- _YOUR OBJECTIVE_
The copy you give must match the listing below exactly and contain no pictures.

- _DATA EXCERPT_

----

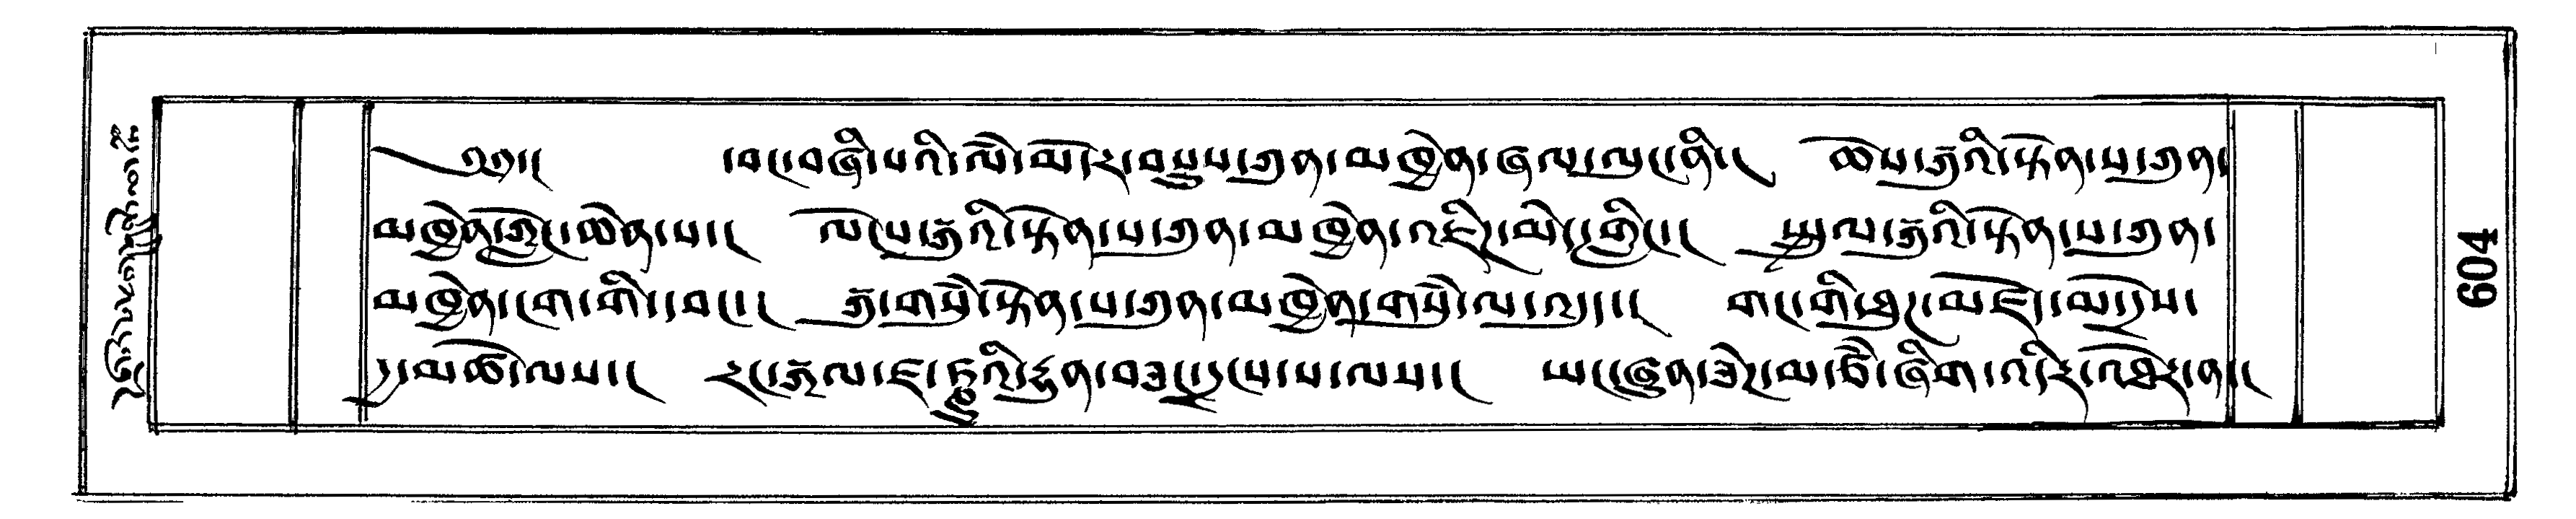༄༅། དབང་བཞི་པའི་ལམ་མདོར་བསྡུས་ཀུན་མཁྱེན་ཞལ་ལུང་ནི། ཆོས་སྐུའི་སྟོན་པ་ཀུན་
མཁྱེན་ཀློང་ཆེན་པ། །ལོངས་སྐུའི་སྟོན་པ་ཀུན་མཁྱེན་འཇིགས་མེད་གླིང་། །སྤྲུལ་སྐུའི་སྟོན་པ་ཀུན་
མཁྱེན་ངག་གི་དབང་། །སྐུ་གསུམ་སྟོན་པ་ཀུན་མཁྱེན་གསུམ་ལ་འདུད། །གང་གི་ཐུགས་མཛོད་མ་དྲོས་
རྒྱ་མཚོ་ལས། །རང་སྐལ་ཛ་ཧྞུའི་རྒྱུན་བཟང་དྲངས་པ་ལས། །ཡང་ཞུན་ཟེགས་མ་ཙམ་ཞིག་འདིར་འཐོར་ན།

----

- _SOLVED EXERCISE_
༄༅། དབང་བཞི་པའི་ལམ་མདོར་བསྡུས་ཀུན་མཁྱེན་ཞལ་ལུང་ནི། ཆོས་སྐུའི་སྟོན་པ་ཀུན་
མཁྱེན་ཀློང་ཆེན་པ། །ལོངས་སྐུའི་སྟོན་པ་ཀུན་མཁྱེན་འཇིགས་མེད་གླིང་། །སྤྲུལ་སྐུའི་སྟོན་པ་ཀུན་
མཁྱེན་ངག་གི་དབང་། །སྐུ་གསུམ་སྟོན་པ་ཀུན་མཁྱེན་གསུམ་ལ་འདུད། །གང་གི་ཐུགས་མཛོད་མ་དྲོས་
རྒྱ་མཚོ་ལས། །རང་སྐལ་ཛ་ཧྞུའི་རྒྱུན་བཟང་དྲངས་པ་ལས། །ཡང་ཞུན་ཟེགས་མ་ཙམ་ཞིག་འདིར་འཐོར་ན།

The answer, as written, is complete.